Objective The National Comprehensive Cancer Network recommends that all women diagnosed with epithelial ovarian cancer undergo genetic testing, as the diagnosis of pathogenic variants may inform cancer survival and impact treatment options. The objective of this study was to assess factors associated with referral to genetic counseling in women with epithelial ovarian cancer.

Methods A retrospective cohort study identified women with epithelial ovarian cancer from 2012 to 2017 at Massachusetts General Hospital and North Shore Medical Center, a community hospital affiliated with Massachusetts General Hospital. Multivariate logistic regression evaluated how race, age, stage, year of diagnosis, insurance status, family history of breast or ovarian cancer, and language relates to the receipt of genetic counseling.
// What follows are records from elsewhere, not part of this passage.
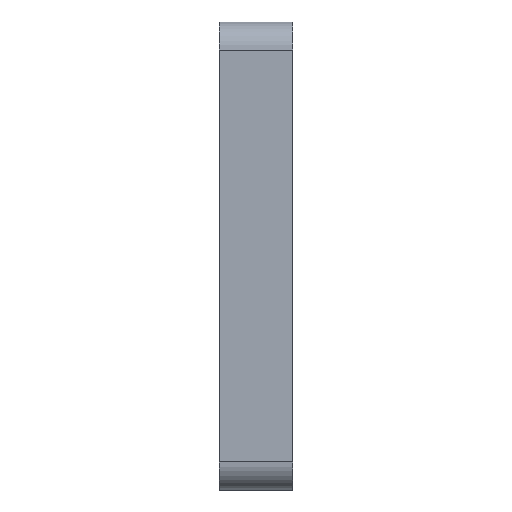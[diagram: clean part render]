
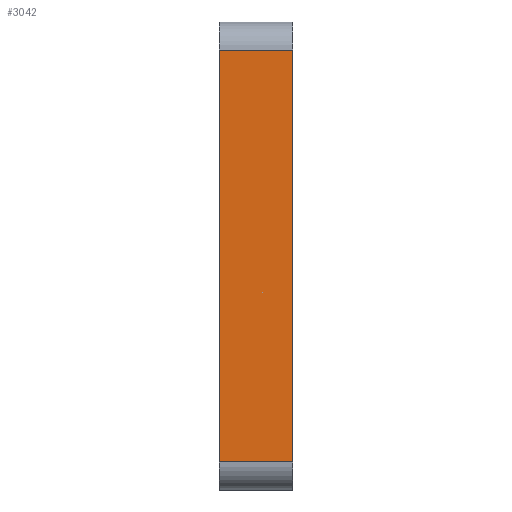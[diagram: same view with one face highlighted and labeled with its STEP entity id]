
A CAD part, left-side view. The second image highlights one B-rep face of the part: STEP entity #3042.
In plain terms, the highlighted planar face has unit normal (-1, 0, 0).
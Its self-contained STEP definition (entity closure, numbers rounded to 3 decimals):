
#534=FACE_OUTER_BOUND('',#713,.T.);
#713=EDGE_LOOP('',(#2800,#2801,#2802,#2803));
#904=LINE('',#6065,#1129);
#908=LINE('',#6090,#1133);
#921=LINE('',#6121,#1146);
#928=LINE('',#6141,#1153);
#1129=VECTOR('',#3399,10.);
#1133=VECTOR('',#3423,10.);
#1146=VECTOR('',#3444,10.);
#1153=VECTOR('',#3465,10.);
#1431=VERTEX_POINT('',#6061);
#1433=VERTEX_POINT('',#6064);
#1444=VERTEX_POINT('',#6088);
#1458=VERTEX_POINT('',#6119);
#1861=EDGE_CURVE('',#1431,#1433,#904,.T.);
#1873=EDGE_CURVE('',#1444,#1431,#908,.T.);
#1889=EDGE_CURVE('',#1458,#1444,#921,.T.);
#1900=EDGE_CURVE('',#1433,#1458,#928,.T.);
#2800=ORIENTED_EDGE('',*,*,#1873,.F.);
#2801=ORIENTED_EDGE('',*,*,#1889,.F.);
#2802=ORIENTED_EDGE('',*,*,#1900,.F.);
#2803=ORIENTED_EDGE('',*,*,#1861,.F.);
#2882=PLANE('',#3139);
#3042=ADVANCED_FACE('',(#534),#2882,.T.);
#3139=AXIS2_PLACEMENT_3D('',#6190,#3523,#3524);
#3399=DIRECTION('',(0.,0.,-1.));
#3423=DIRECTION('',(0.,-1.,0.));
#3444=DIRECTION('',(0.,0.,1.));
#3465=DIRECTION('',(0.,1.,0.));
#3523=DIRECTION('center_axis',(-1.,0.,0.));
#3524=DIRECTION('ref_axis',(0.,0.,1.));
#6061=CARTESIAN_POINT('',(-63.035,0.,40.673));
#6064=CARTESIAN_POINT('',(-63.035,0.,-32.327));
#6065=CARTESIAN_POINT('',(-63.035,0.,45.673));
#6088=CARTESIAN_POINT('',(-63.035,13.,40.673));
#6090=CARTESIAN_POINT('',(-63.035,0.,40.673));
#6119=CARTESIAN_POINT('',(-63.035,13.,-32.327));
#6121=CARTESIAN_POINT('',(-63.035,13.,45.673));
#6141=CARTESIAN_POINT('',(-63.035,0.,-32.327));
#6190=CARTESIAN_POINT('Origin',(-63.035,0.,-37.327));

Results Of the total 276 women included, 73.9% were referred for genetic screening, of which 90.7% attended a genetic counseling visit. Older women were less likely to undergo genetic counseling (age ≥70 years: OR 0.26, 95% CI 0.07–0.94, p=0.04). Women who died within 365 days of initial oncology consult rarely reached a genetic counselor (OR 0.05, 95% CI 0.01–0.24, p<0.001). Women with a family history of breast or ovarian cancer were more likely to undergo counseling (OR 3.27, 95% CI 1.74–6.15, p<0.001). There was no difference in receipt of genetic counseling by race, stage, year of diagnosis, insurance status, or language.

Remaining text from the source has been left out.